Разведчики со старшим лейтенантом Бескиным продолжали держаться на НП западнее города, имея под наблюдением главную дорогу по левому берегу Ловати, по которой только и могли передвигаться части противника. С флангов доносили, что значительные силы противника уже отодвигаются от города. Но что делается в городе? Только ли заслоны или что-то серьезное? Город продолжал держаться крепко.

Вечером 19-го Болтакс послал на НП к Игорю связного с запиской, где сообщал о штурме города утром 20-го и приказывал Игорю с группой разведчиков, находившихся на НП, пробраться в город, взять там «языка», разведать обстановку — что там противник, уходит или закрепился. Для связи и своевременного доклада прислал полкового радиста с радиостанцией. На наблюдательном пункте, кроме Игоря, было еще несколько человек. Болтакс, понимая сложность и остроту ситуации с трибуналом, который спешил заграбастать Игоря до начала наступления, потому что потом — ищи свищи, отправил разведчиков в поиск прямо с НП! Передний край противника разведчикам был знаком достаточно хорошо. Выбрали наиболее безопасное место прохода в тыл — на стыке немецких подразделений. В разведку пошли вшестером: трое разведчиков, радист, сапер, командир — Игорь. Двоих оставили на НП. Когда почти миновали нейтралку, радист поскользнулся, упал, вывихнул ногу и при этом, самое обидное, повредил рацию. Рация — это ни много ни мало ящик весом килограммов десять, на лампах, с сухими батареями — и все в заплечном ранце. Радиста в сопровождении сапера пришлось отправить назад. Но задачу-то выполнять надо — дальше двинулись вчетвером.

Ночь лунная, светлая, но ветреная, хорошо, хоть морозец не поджимал. Перешли Ловать по льду — по натоптанной немцами тропке. Вышли на шоссе — пустынно, тихо. О поимке «языка» не могло быть и речи. Вдруг увидели огонек в будке на мосту! Значит, есть часовой! Но, посовещавшись, решили не ввязываться в захват, вдруг в будке телефон, мало ли что, основная задача — город обследовать, взять «языка» именно там.

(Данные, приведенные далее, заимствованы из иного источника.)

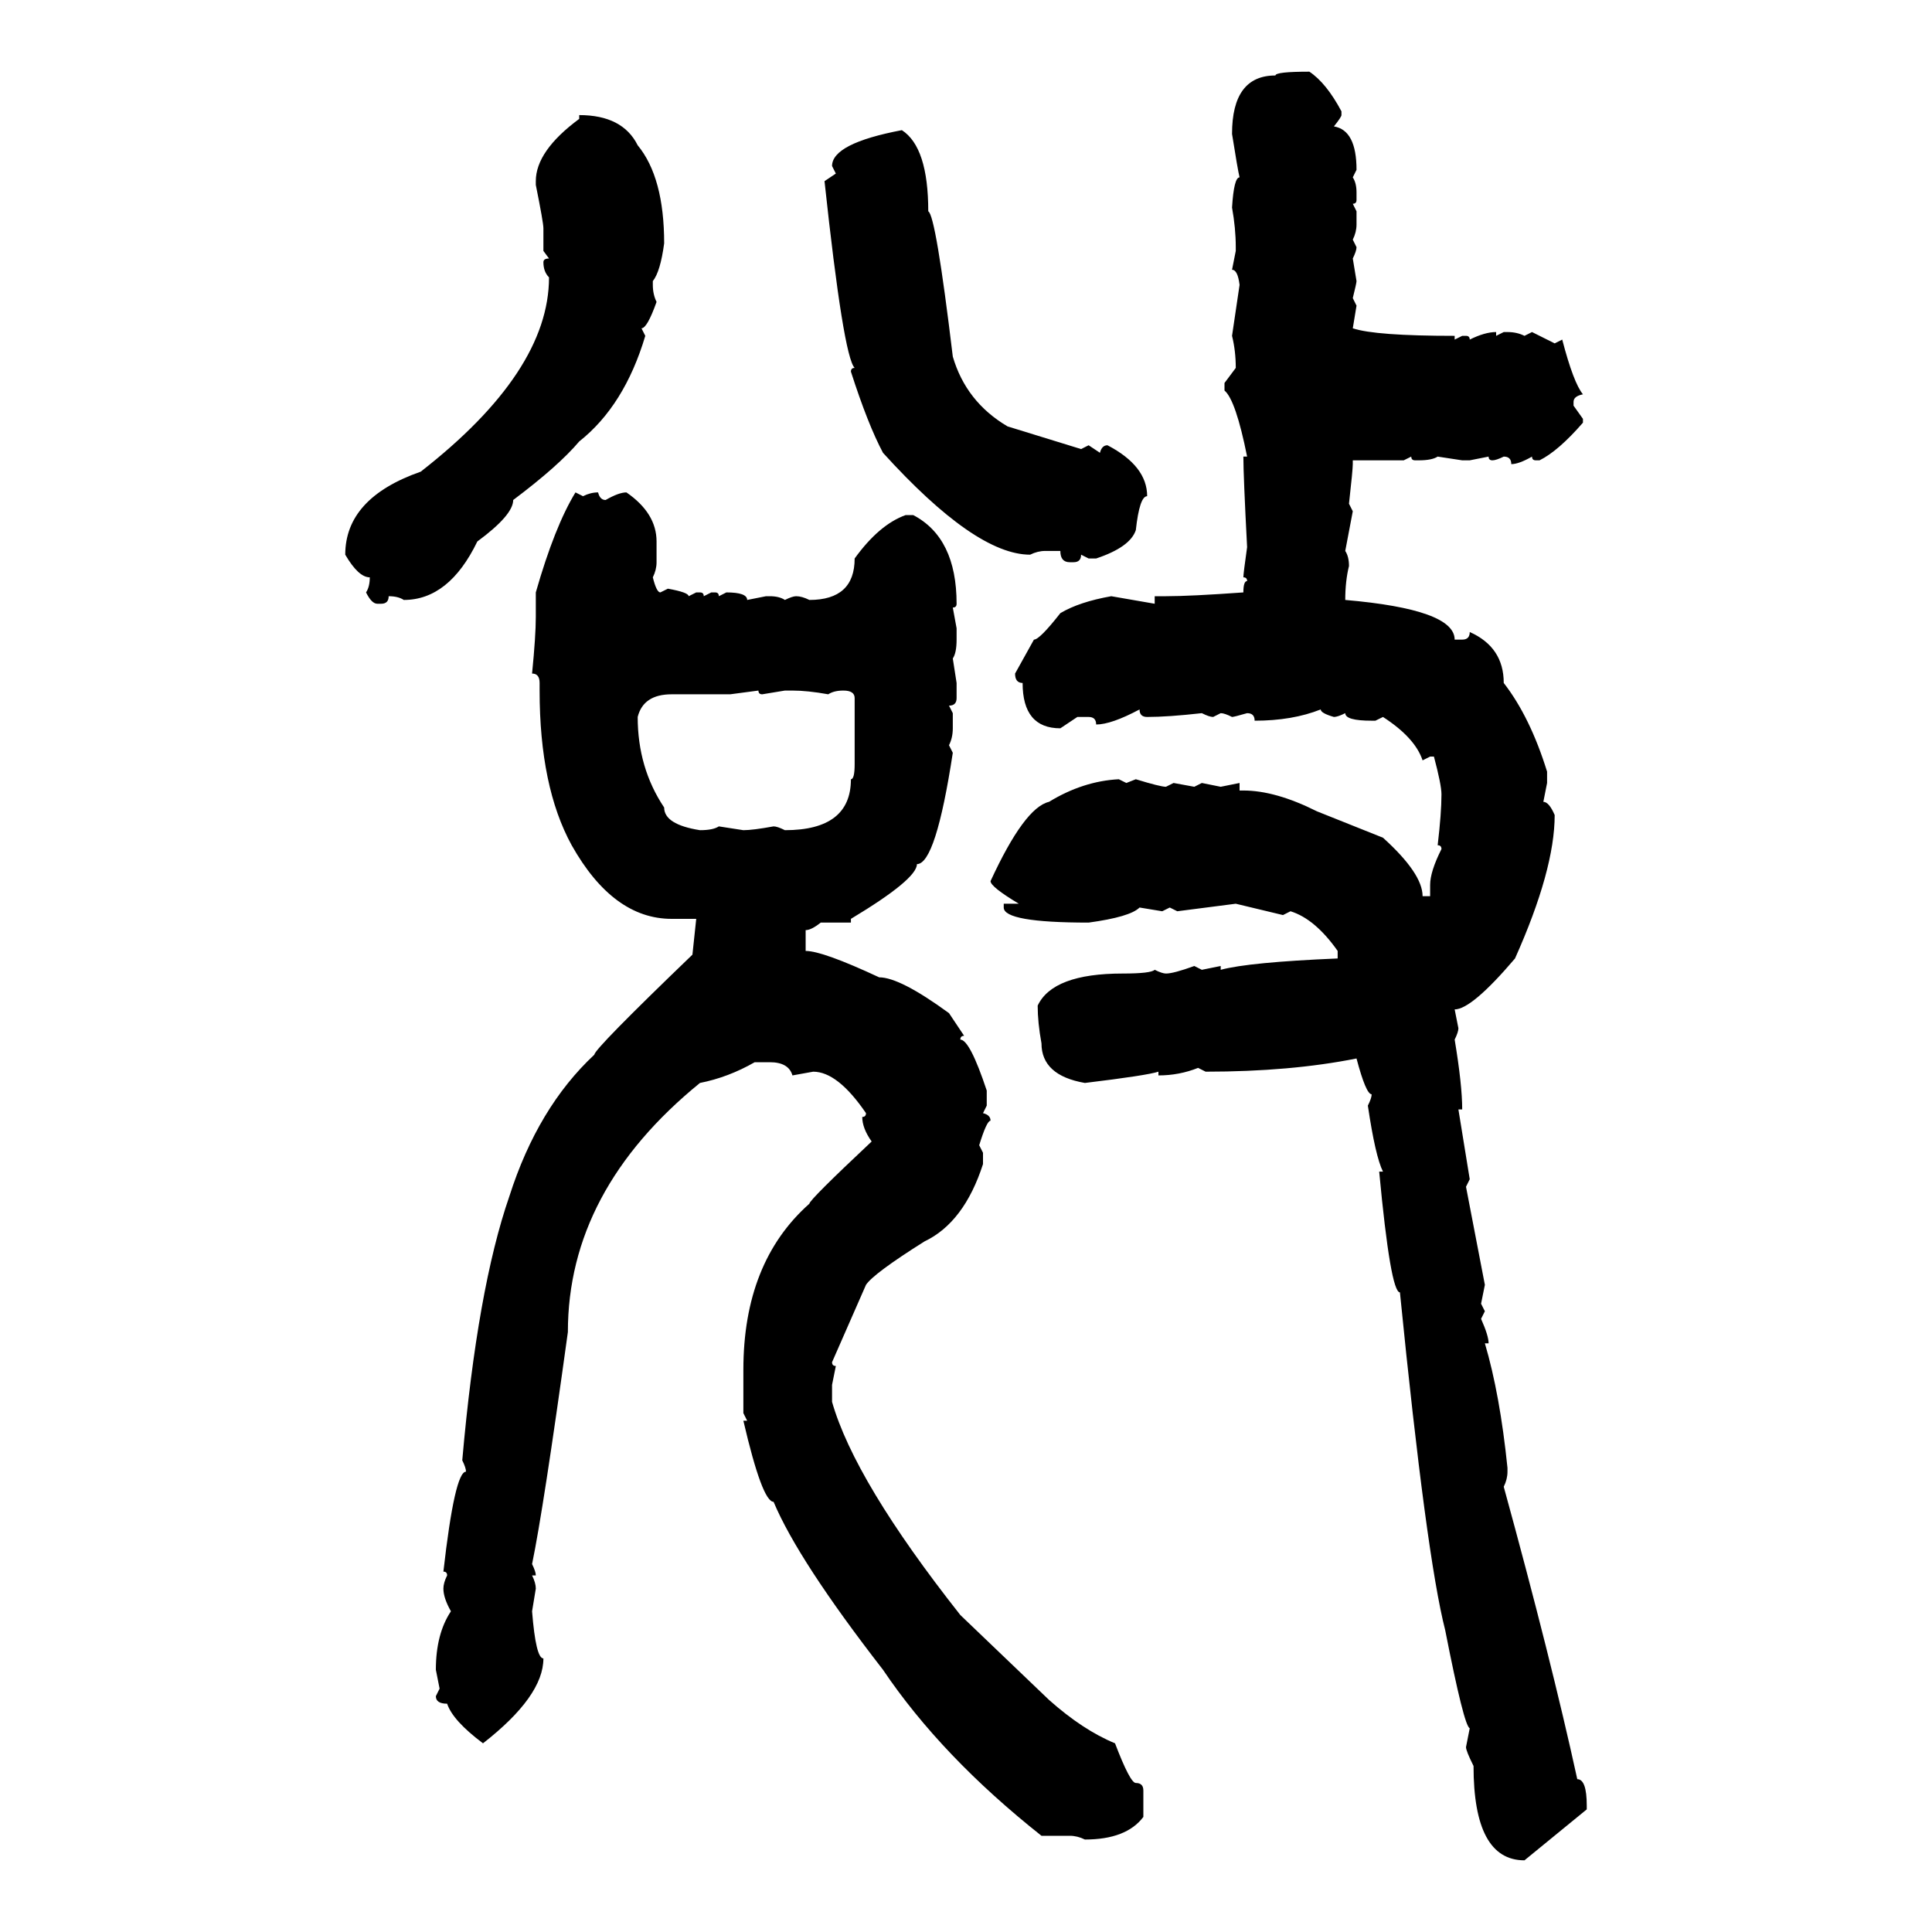 <svg xmlns="http://www.w3.org/2000/svg" xmlns:xlink="http://www.w3.org/1999/xlink" width="300" height="300"><path d="M203.32 11.13L203.32 11.13Q205.96 12.89 208.30 17.29L208.30 17.29L208.30 17.87Q208.30 18.16 207.13 19.63L207.13 19.63Q210.64 20.21 210.64 26.37L210.64 26.37L210.06 27.54Q210.64 28.42 210.64 29.88L210.64 29.88L210.64 31.05Q210.64 31.64 210.06 31.64L210.06 31.64L210.64 32.81L210.64 34.86Q210.64 36.04 210.06 37.21L210.06 37.21L210.64 38.38Q210.64 38.96 210.06 40.14L210.06 40.14L210.64 43.65Q210.64 43.95 210.06 46.29L210.06 46.29L210.64 47.46L210.06 50.98Q213.57 52.15 225.88 52.15L225.88 52.15L225.88 52.73L227.05 52.15L227.64 52.15Q228.22 52.15 228.22 52.73L228.22 52.73Q230.57 51.56 232.32 51.56L232.32 51.56L232.32 52.15L233.50 51.56L234.08 51.56Q235.55 51.56 236.72 52.15L236.72 52.15L237.89 51.56L241.41 53.32L242.58 52.73Q244.34 59.47 245.80 61.23L245.80 61.23Q244.34 61.52 244.34 62.40L244.34 62.40L244.34 62.99L245.80 65.04L245.80 65.63Q241.99 70.02 239.06 71.48L239.06 71.48L238.48 71.48Q237.89 71.48 237.89 70.90L237.89 70.90Q235.84 72.07 234.67 72.07L234.67 72.07Q234.67 70.90 233.50 70.90L233.50 70.90Q232.32 71.48 231.74 71.48L231.74 71.48Q231.15 71.48 231.15 70.90L231.15 70.90L228.22 71.48L227.05 71.48L223.24 70.90Q222.36 71.48 220.31 71.48L220.31 71.48L219.73 71.48Q219.14 71.48 219.14 70.90L219.14 70.90L217.97 71.48L210.06 71.48L210.06 72.07Q210.06 72.95 209.47 78.22L209.47 78.22L210.06 79.39L208.89 85.55Q209.47 86.43 209.47 87.89L209.47 87.89Q208.89 90.23 208.89 93.16L208.89 93.16Q225.88 94.63 225.88 99.32L225.88 99.32L227.05 99.32Q228.22 99.32 228.22 98.14L228.22 98.14Q233.50 100.49 233.50 106.05L233.50 106.05Q237.60 111.33 240.23 119.82L240.23 119.82L240.23 121.58L239.65 124.51Q240.53 124.51 241.41 126.56L241.41 126.56Q241.41 135.06 235.25 148.83L235.25 148.83Q228.52 156.74 225.88 156.74L225.88 156.74L226.46 159.67Q226.46 160.25 225.88 161.43L225.88 161.43Q227.05 168.46 227.05 172.27L227.05 172.27L226.46 172.27L228.22 183.11L227.64 184.28L230.57 199.51L229.98 202.44L230.57 203.61L229.98 204.79Q231.15 207.42 231.15 208.59L231.15 208.59L230.57 208.59Q232.91 216.50 234.08 227.93L234.08 227.93L234.08 228.52Q234.08 229.69 233.50 230.86L233.50 230.86Q240.82 257.52 244.92 276.27L244.92 276.27Q246.39 276.27 246.39 280.37L246.39 280.37L246.39 280.96L236.72 288.87Q228.81 288.87 228.81 274.22L228.81 274.22Q227.64 271.88 227.64 271.29L227.64 271.29L228.22 268.36Q227.34 268.07 224.41 253.13L224.41 253.13Q221.48 241.70 217.38 200.68L217.38 200.68Q215.92 200.68 214.16 181.93L214.16 181.93L214.75 181.93Q213.57 179.59 212.40 171.68L212.40 171.68Q212.99 170.51 212.99 169.92L212.99 169.92Q212.11 169.92 210.64 164.36L210.64 164.36Q200.39 166.41 187.21 166.41L187.21 166.41L186.04 165.82Q183.11 166.99 179.88 166.99L179.88 166.99L179.88 166.41Q178.13 166.99 168.46 168.16L168.46 168.16Q161.72 166.99 161.72 162.01L161.72 162.01Q161.13 158.79 161.13 156.15L161.13 156.15Q163.48 151.17 174.32 151.17L174.32 151.17Q178.71 151.17 179.30 150.59L179.30 150.59Q180.47 151.17 181.05 151.17L181.05 151.17Q182.23 151.17 185.45 150L185.45 150L186.62 150.59L189.55 150L189.55 150.59Q193.95 149.41 207.71 148.83L207.71 148.83L207.71 147.66Q204.20 142.68 200.39 141.50L200.39 141.50L199.22 142.09L191.89 140.33L182.81 141.50L181.64 140.92L180.47 141.50L176.95 140.92Q175.49 142.38 169.04 143.26L169.04 143.26Q155.86 143.26 155.86 140.92L155.86 140.92L155.86 140.33L158.20 140.33Q153.81 137.70 153.81 136.82L153.81 136.82Q159.08 125.39 162.89 124.51L162.89 124.51Q168.16 121.29 173.73 121.00L173.73 121.00L174.90 121.58L176.37 121.00Q180.18 122.17 181.05 122.17L181.05 122.17L182.23 121.58L185.45 122.17L186.62 121.58L189.55 122.17L192.48 121.58L192.48 122.75L193.07 122.75Q198.05 122.75 204.49 125.98L204.49 125.98L214.75 130.08Q220.90 135.64 220.90 139.16L220.90 139.16L222.07 139.16L222.07 137.40Q222.07 135.35 223.83 131.84L223.83 131.84Q223.83 131.25 223.24 131.25L223.24 131.25Q223.83 126.27 223.83 123.34L223.83 123.34Q223.83 121.88 222.66 117.48L222.66 117.48L222.07 117.48L220.90 118.07Q219.73 114.55 214.75 111.33L214.75 111.33L213.57 111.91L212.99 111.91Q208.89 111.91 208.89 110.74L208.89 110.74Q207.71 111.33 207.13 111.33L207.13 111.33Q205.08 110.74 205.08 110.16L205.08 110.16Q200.68 111.91 194.82 111.91L194.82 111.91Q194.82 110.74 193.65 110.74L193.65 110.74Q191.60 111.33 191.31 111.33L191.31 111.33Q190.14 110.74 189.55 110.74L189.55 110.74L188.38 111.33Q187.79 111.33 186.62 110.74L186.62 110.74Q181.35 111.33 178.13 111.33L178.13 111.33Q176.95 111.33 176.95 110.16L176.95 110.16Q172.56 112.50 170.21 112.50L170.21 112.50Q170.21 111.33 169.04 111.33L169.04 111.33L167.29 111.33L164.65 113.09Q158.79 113.09 158.79 106.05L158.79 106.05Q157.62 106.05 157.62 104.59L157.62 104.59L160.55 99.32Q161.43 99.32 164.65 95.21L164.65 95.21Q167.58 93.46 172.56 92.58L172.56 92.58L179.30 93.75L179.30 92.58L181.05 92.58Q184.86 92.58 193.07 91.99L193.07 91.99Q193.07 90.23 193.65 90.23L193.65 90.23Q193.65 89.65 193.07 89.65L193.07 89.65Q193.07 89.06 193.65 84.96L193.65 84.96Q193.07 73.83 193.07 70.90L193.07 70.90L193.65 70.90Q191.89 62.11 190.14 60.64L190.14 60.64L190.14 59.47L191.89 57.13Q191.89 54.49 191.31 52.15L191.31 52.15L192.48 44.24Q192.19 41.89 191.31 41.89L191.31 41.89L191.89 38.96L191.89 38.38Q191.89 35.45 191.31 32.23L191.31 32.23Q191.60 27.54 192.48 27.54L192.48 27.54Q192.19 26.37 191.31 20.80L191.31 20.80Q191.31 11.72 198.05 11.72L198.05 11.72Q198.05 11.13 203.32 11.13ZM89.94 18.46L89.94 17.87Q96.68 17.87 99.02 22.56L99.02 22.56Q103.13 27.54 103.13 37.79L103.13 37.79Q102.54 42.19 101.37 43.65L101.37 43.65L101.37 44.24Q101.37 45.70 101.95 46.88L101.95 46.88Q100.49 50.98 99.61 50.98L99.61 50.98L100.20 52.15Q96.97 62.99 89.94 68.55L89.94 68.55Q86.72 72.36 79.69 77.64L79.69 77.64Q79.69 79.98 74.12 84.08L74.12 84.08Q69.73 93.16 62.70 93.16L62.70 93.16Q61.82 92.58 60.35 92.58L60.35 92.58Q60.35 93.75 59.18 93.75L59.18 93.75L58.59 93.75Q57.71 93.75 56.84 91.99L56.84 91.99Q57.42 91.11 57.42 89.65L57.42 89.65Q55.66 89.65 53.61 86.13L53.61 86.13Q53.61 77.34 65.33 73.24L65.33 73.24Q85.25 57.71 85.25 43.07L85.25 43.07Q84.38 42.19 84.38 40.72L84.38 40.72Q84.38 40.14 85.25 40.14L85.25 40.14L84.38 38.96L84.38 35.45Q84.38 34.57 83.20 28.71L83.20 28.71L83.20 28.13Q83.20 23.44 89.94 18.46L89.94 18.46ZM140.04 20.21L140.04 20.21Q144.14 22.85 144.14 32.81L144.14 32.81Q145.31 33.40 147.95 55.37L147.95 55.37Q150 62.40 156.45 66.21L156.45 66.21L167.87 69.73L169.04 69.14L170.80 70.31Q171.09 69.14 171.97 69.14L171.97 69.14Q178.13 72.36 178.13 77.05L178.13 77.05Q176.95 77.05 176.37 82.32L176.37 82.32Q175.49 84.96 170.21 86.72L170.21 86.72L169.04 86.72L167.87 86.13Q167.87 87.30 166.70 87.30L166.70 87.30L166.11 87.30Q164.65 87.30 164.65 85.55L164.65 85.55L162.30 85.55Q161.13 85.55 159.96 86.13L159.96 86.13Q151.46 86.13 137.11 70.31L137.11 70.31Q134.77 65.92 132.13 57.71L132.13 57.71Q132.13 57.13 132.71 57.13L132.71 57.13Q130.96 55.37 128.03 28.13L128.03 28.13L129.79 26.95L129.20 25.78Q129.20 22.27 140.04 20.21ZM89.36 76.46L89.36 76.46L90.53 77.05Q91.70 76.46 92.87 76.46L92.87 76.46Q93.16 77.64 94.04 77.64L94.04 77.64Q96.09 76.46 97.27 76.46L97.27 76.46Q101.95 79.69 101.95 84.08L101.95 84.08L101.95 87.30Q101.95 88.48 101.37 89.65L101.37 89.65Q101.95 91.99 102.54 91.99L102.54 91.99L103.71 91.41Q106.93 91.99 106.93 92.58L106.93 92.58L108.11 91.99L108.69 91.99Q109.28 91.99 109.28 92.58L109.28 92.58L110.45 91.99L111.04 91.99Q111.62 91.99 111.62 92.58L111.62 92.58L112.79 91.99Q116.02 91.99 116.02 93.16L116.02 93.16L118.95 92.58L119.53 92.58Q121.00 92.58 121.88 93.16L121.88 93.16Q123.05 92.58 123.63 92.58L123.63 92.58Q124.51 92.58 125.68 93.16L125.68 93.16Q132.71 93.16 132.71 86.72L132.71 86.72Q136.52 81.45 140.63 79.98L140.63 79.98L141.80 79.98Q148.54 83.50 148.54 93.75L148.54 93.75Q148.54 94.34 147.95 94.34L147.95 94.34L148.54 97.56L148.54 99.32Q148.54 101.37 147.95 102.25L147.95 102.25L148.54 106.05L148.54 108.40Q148.54 109.57 147.36 109.57L147.36 109.57L147.95 110.74L147.95 113.09Q147.95 114.55 147.36 115.72L147.36 115.72L147.95 116.89Q145.31 134.18 142.38 134.18L142.38 134.18Q142.38 136.52 132.13 142.68L132.13 142.68L132.13 143.26L127.44 143.26Q125.98 144.43 125.10 144.43L125.10 144.43L125.10 147.66Q127.73 147.66 136.52 151.76L136.52 151.76Q139.75 151.76 147.36 157.32L147.36 157.32L149.71 160.84Q149.12 160.84 149.12 161.43L149.12 161.43Q150.59 161.43 153.22 169.34L153.22 169.34L153.22 171.68L152.64 172.85Q153.81 173.14 153.81 174.02L153.81 174.02Q153.22 174.02 152.05 177.83L152.05 177.83L152.64 179.00L152.64 180.76Q149.71 189.84 143.55 192.77L143.55 192.77Q135.64 197.75 134.47 199.51L134.47 199.51L129.20 211.52Q129.20 212.11 129.79 212.11L129.79 212.11L129.20 215.04L129.20 217.68Q132.71 229.98 149.12 250.78L149.12 250.78L162.89 263.96Q168.16 268.65 173.14 270.70L173.14 270.70Q175.49 276.86 176.37 276.86L176.37 276.86Q177.54 276.86 177.54 278.03L177.54 278.03L177.54 282.13Q174.90 285.64 168.46 285.64L168.46 285.64Q167.29 285.06 166.11 285.06L166.11 285.06L161.72 285.06Q146.19 272.75 137.11 259.28L137.11 259.28Q123.93 242.29 120.12 233.20L120.12 233.20Q118.36 233.20 115.43 220.61L115.43 220.61L116.02 220.61L115.43 219.43L115.43 212.70Q115.43 196.00 125.68 186.91L125.68 186.91Q125.68 186.33 135.35 177.25L135.35 177.25Q133.89 175.20 133.89 173.44L133.89 173.44Q134.47 173.44 134.47 172.85L134.47 172.85Q130.08 166.41 126.27 166.41L126.27 166.41L123.05 166.99Q122.46 164.94 119.53 164.94L119.53 164.94L117.19 164.94Q113.09 167.29 108.69 168.16L108.69 168.16Q88.18 184.86 88.18 206.84L88.18 206.84Q84.38 234.38 82.62 242.87L82.62 242.87Q83.20 244.04 83.20 244.63L83.20 244.63L82.62 244.63Q83.20 245.80 83.20 246.68L83.20 246.68L82.62 250.20Q83.20 257.52 84.38 257.52L84.38 257.52Q84.38 263.38 75 270.70L75 270.70Q70.31 267.19 69.43 264.55L69.43 264.55Q67.68 264.55 67.68 263.38L67.68 263.38L68.26 262.21L67.68 259.28Q67.68 253.71 70.02 250.20L70.02 250.20Q68.85 248.14 68.85 246.68L68.85 246.68Q68.85 245.80 69.43 244.63L69.43 244.63Q69.43 244.04 68.85 244.04L68.85 244.04Q70.61 228.52 72.36 228.52L72.36 228.52Q72.36 227.93 71.78 226.76L71.78 226.76Q74.12 200.10 79.10 185.74L79.10 185.74Q83.50 171.97 92.29 163.77L92.29 163.77Q92.29 162.89 107.52 148.24L107.52 148.24L108.11 142.68L104.30 142.68Q95.21 142.68 88.77 131.25L88.77 131.25Q83.79 122.17 83.79 107.23L83.79 107.23L83.79 106.05Q83.79 104.59 82.62 104.59L82.62 104.59Q83.20 98.73 83.20 95.80L83.20 95.80L83.20 91.99Q86.13 81.74 89.36 76.46ZM117.77 107.23L113.38 107.81L104.30 107.81Q99.90 107.81 99.02 111.33L99.02 111.33Q99.02 119.24 103.13 125.39L103.13 125.39Q103.13 128.03 108.69 128.91L108.69 128.91Q110.74 128.91 111.62 128.32L111.62 128.32L115.43 128.91Q116.89 128.91 120.12 128.32L120.12 128.32Q120.70 128.32 121.88 128.91L121.88 128.91Q132.13 128.91 132.13 121.00L132.13 121.00Q132.71 121.00 132.71 118.65L132.71 118.65L132.71 108.40Q132.71 107.23 130.96 107.23L130.96 107.23Q129.49 107.23 128.61 107.81L128.61 107.81Q125.39 107.23 123.05 107.23L123.05 107.23L121.88 107.23L118.36 107.81Q117.77 107.81 117.77 107.23L117.77 107.23Z"/></svg>

Пересекли Ловать по льду второй раз, уже в самом городе, прячась в тени моста, ползком. Выбрались на высокий берег — прямо на городскую площадь с церковью и колокольней. И — удача! Часовой ходит вокруг церкви! Решили — брать!

Подобраться поближе позволил ветер — на церкви под его порывами громыхал большой железный лист с надписью «Заготзерно» — видно было при лунном свете. Часовой ходил по кругу и, когда ушел за церковь, броском прижались к затененным углублениям в стене около колокольни. Часовой приблизился. Бросок! Взял часового Вася Пахомов, человек исключительной силы, взял так мощно, что явно сломал немцу позвоночник. Успели сунуть кляп, но немец так дергался в конвульсиях, что пришлось кончить дело финкой.

Вася сокрушался, но сдержать себя мог не всегда: немцев ненавидел всех люто: дома, на Брянщине, немцы не только разорили его дом, но и убили детей, надругались над женой, так что соблюсти меру для него было испытанием.

Оставалось надеяться, что раз есть часовой, то придет ему и смена. Труп спрятали, перевалив его в приоткрытое окно церкви, сели в засаду, замаскировались, предварительно замели, присыпали снежком кровь, скрыли следы борьбы. Игорь зашел внутрь церкви. А там склад боеприпасов, да какой! Смена часовому не идет. Прошел час, другой, дело к рассвету. Стало совсем светло. На площадь выехала кухня! С кашей! Из всех укрытий, землянок, остатков домов стали вылезать немцы — почесываясь спросонья, оправляясь тут же. К кухне выстроилась очередь, говор, толкотня, звон котелков, запах каши. А разведчики в соборе — в мышеловке! Куда деваться?